Polished transcript · Lex Fridman · 9 Mar 2018 · 1h 7m · @martymcfly

Emilio Frazzoli, CTO of nuTonomy, lectures at MIT on autonomous vehicles and the future of urban mobility

Emilio Frazzoli delivers a lecture at MIT on the technology, business case, and philosophical challenges of self-driving vehicles.

Summary

Emilio Frazzoli, CTO of nuTonomy and former MIT faculty member, delivers a lecture arguing that the true transformative value of autonomous vehicles lies not in safety improvements alone, but in enabling genuinely convenient, affordable car-sharing as a service — a model he estimates could unlock trillions of dollars in societal value. He contends that the industry's sequential automation levels (Levels 0–5) are a dangerous framework, because Levels 2 and 3 — which require human supervision of automation — violate human nature and introduce new failure modes, as the airline industry learned painfully. Frazzoli argues that full Level 4/5 automation deployed as a fleet service, not a consumer product, is the only path that captures the real value of the technology. He presents nuTonomy's approach to autonomous driving policy using formal methods and hierarchical rule compliance rather than pure machine learning or hand-coded logic, and closes by arguing that the deepest unsolved challenge in the field is that humanity does not yet have a rigorous, mathematically precise theory of how vehicles — including human-driven ones — ought to behave.

Key Takeaways

  • The biggest value of autonomous vehicles is not safety but car-sharing.

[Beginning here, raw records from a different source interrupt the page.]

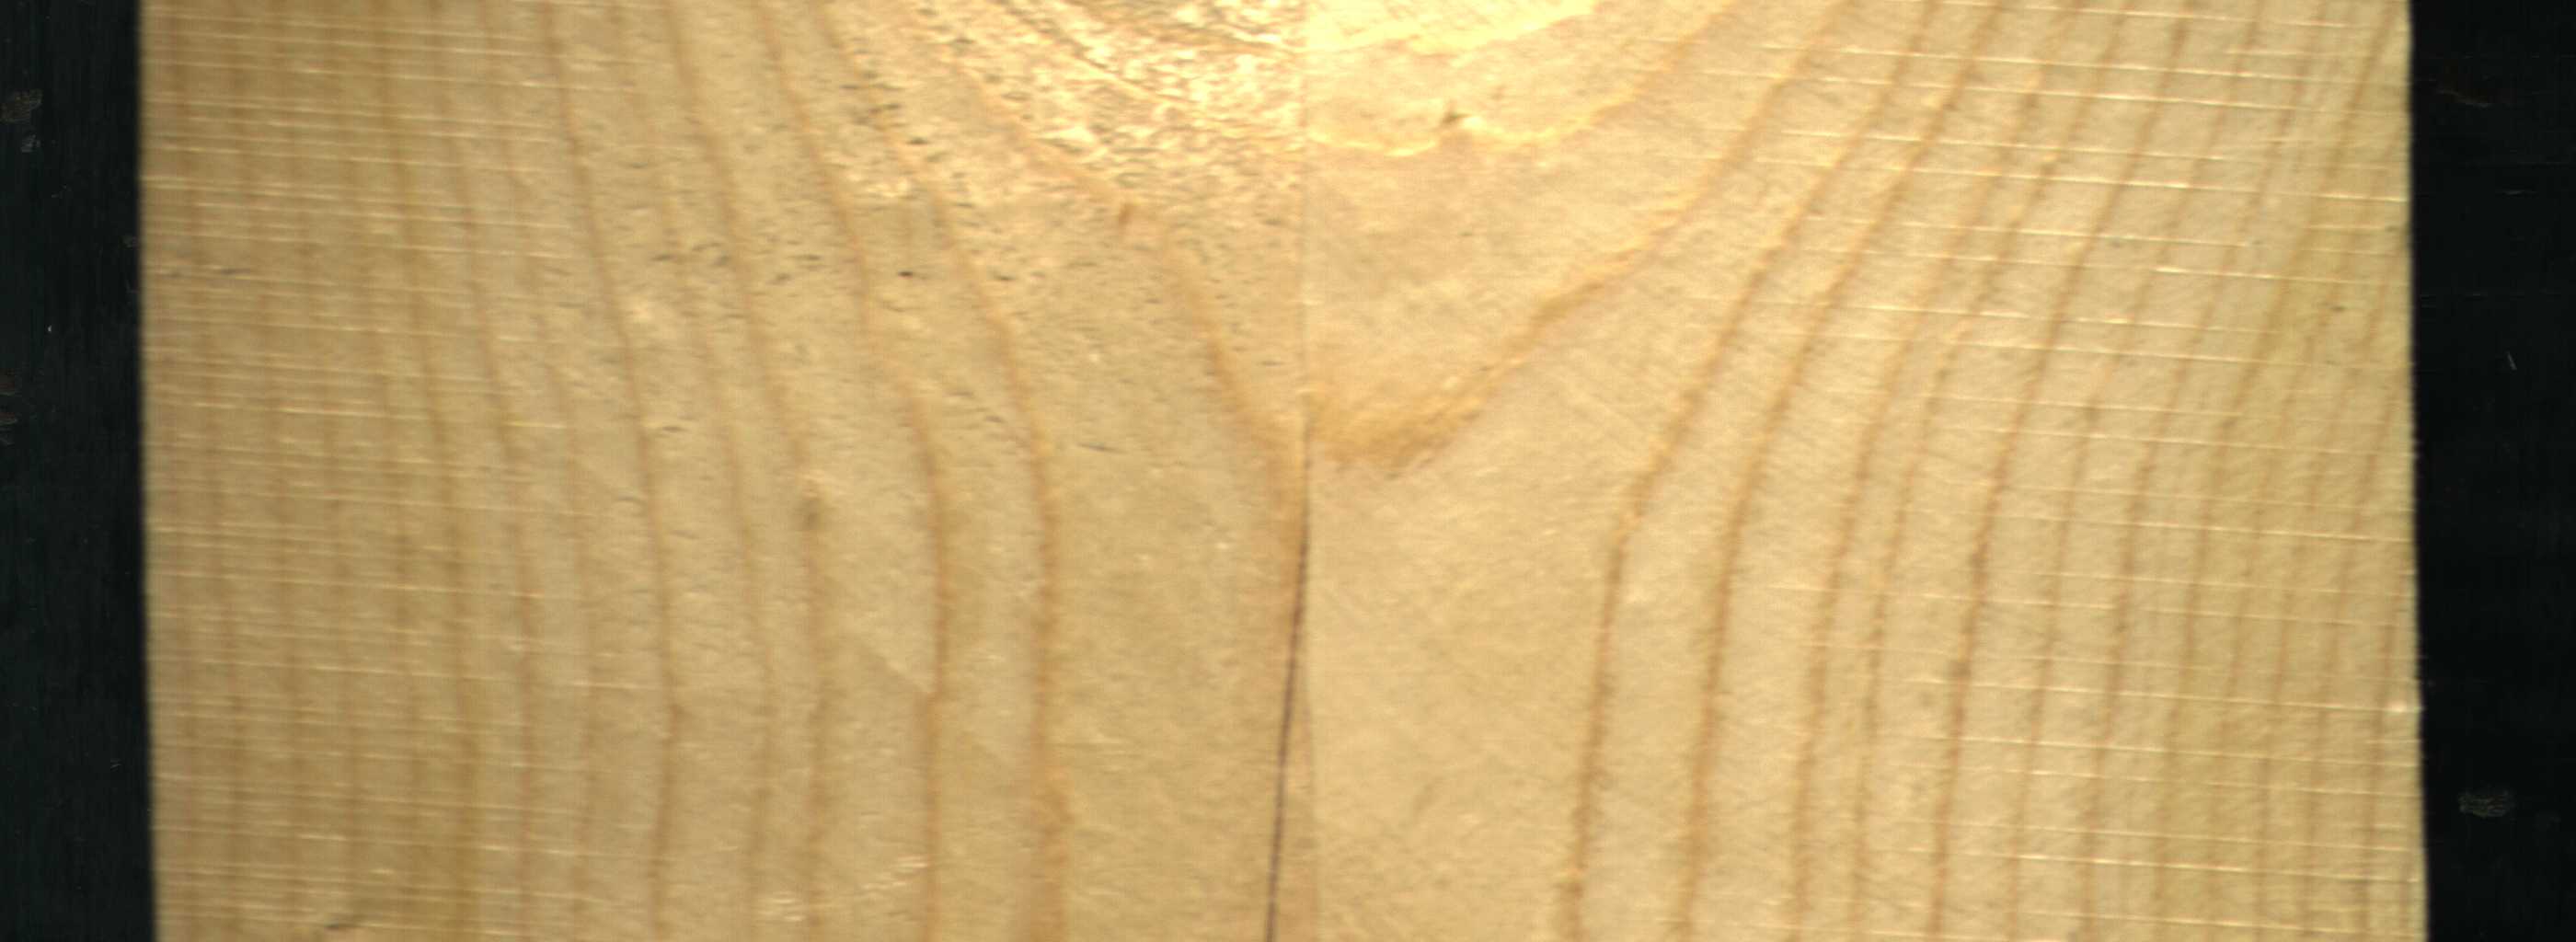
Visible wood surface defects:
Crack
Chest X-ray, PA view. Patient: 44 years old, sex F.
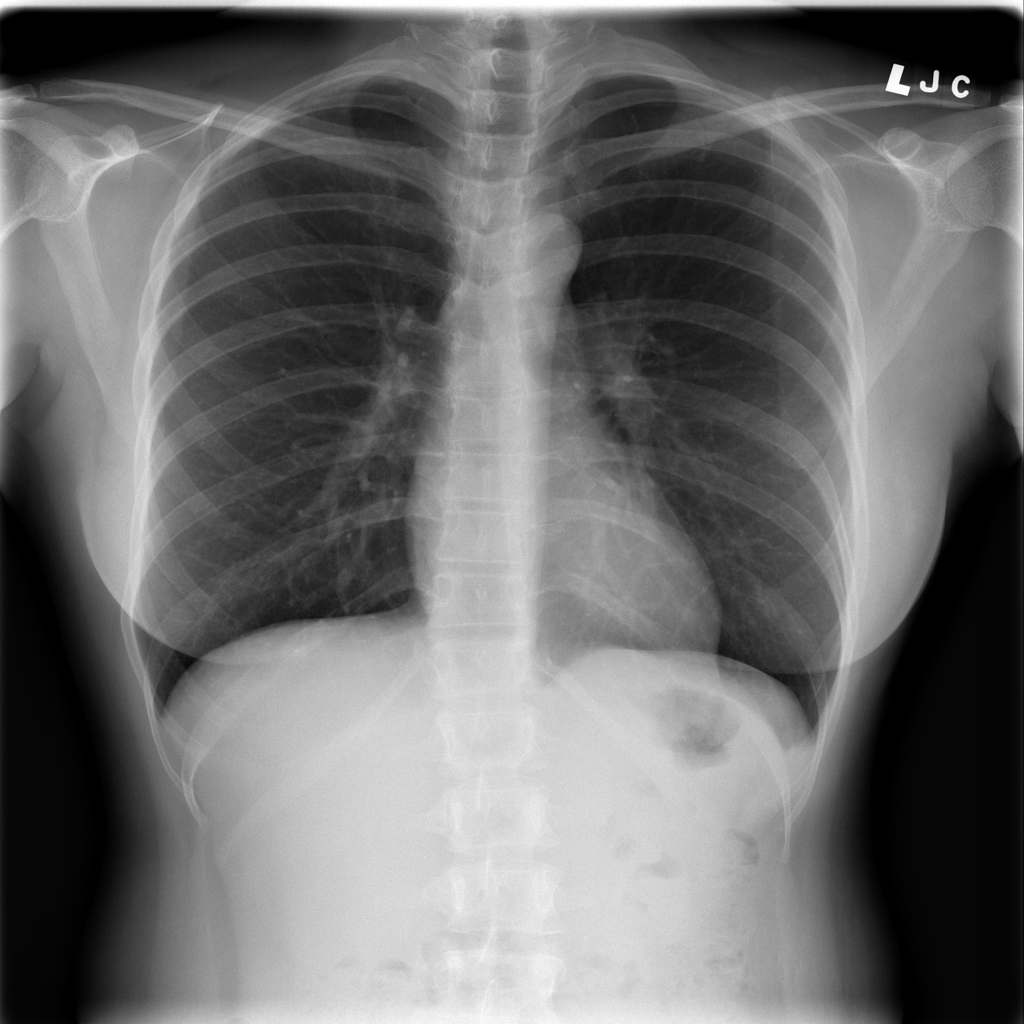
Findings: No Finding

Frazzoli's back-of-the-envelope calculation shows that the value of time returned to drivers (~$1.2 trillion/year) and the economic benefits of functional car-sharing (~$2,000/person/year) together dwarf the value of safety improvements, reframing the entire case for the technology.
  • Levels 2 and 3 automation are dangerous by design. Requiring humans to supervise automation and intervene on demand contradicts human nature and mirrors the failure modes introduced by autopilots in aviation — an industry that had to painfully relearn how to manage automation with highly trained professionals, let alone everyday drivers.
  • Autonomous vehicles as a service, not a consumer product, is the viable near-term path. As a service, the cost of sensors, HD maps, and maintenance is compared against a $100,000/year human driver cost rather than a $20,000 consumer price ceiling — completely changing what technology investments are justifiable.
  • HD maps are a temporary logistical problem, not a fundamental barrier. A fleet of vehicles continuously driving a city generates enough data to build and maintain its own HD maps, making the mapping problem self-solving at scale.
  • Pure machine learning for driving policy has critical unresolved problems. End-to-end learned systems can learn the wrong behaviors (e.g., accelerating on yellow lights), are difficult to explain or debug, and require training data covering every possible combination of rules and traffic scenarios — a practically intractable requirement.
  • nuTonomy's approach uses formal methods and hierarchical rule compliance. Rather than scripting if-then-else logic or relying purely on learning, the system generates large numbers of candidate trajectories and checks each against formally encoded rules, solving a shortest-path problem in a combined physical and logical space — making the system verifiable and debuggable.
  • The rules of the road are not mathematically rigorous. Key concepts like "right of way" have no precise mathematical definition, rules are incomplete and inconsistent, and the "fundamental norm" (don't endanger others who follow the rules) provides no guidance for what to do when others violate the rules — leaving autonomous vehicles without a sound theoretical foundation to build on.
  • The mobility labor paradox makes job displacement fears overstated. If a service like Uber were to serve the entire world's mobility needs, one in seven people on Earth would need to be a driver — which is impossible. The real constraint on mobility services today is a shortage of willing drivers, not an excess of them.
  • The deepest unsolved problem is a theory of vehicle behavior. Frazzoli argues that until society develops a precise, rigorous, and complete theory of how vehicles should behave in every situation — including edge cases and probabilistic uncertainty — designing safe autonomous vehicles will remain fundamentally incomplete.

  • FULL TRANSCRIPT

    Introduction and Background

    Lex Fridman: Today we have Emilio Frazzoli. He's the CTO of nuTonomy, one of the most successful autonomous vehicle companies in the world. He's the inventor of the RRT* algorithm, formerly a professor at MIT directing a research group that put the first autonomous vehicles on road in Singapore, and now he returns to MIT to talk with us. Give him a warm welcome.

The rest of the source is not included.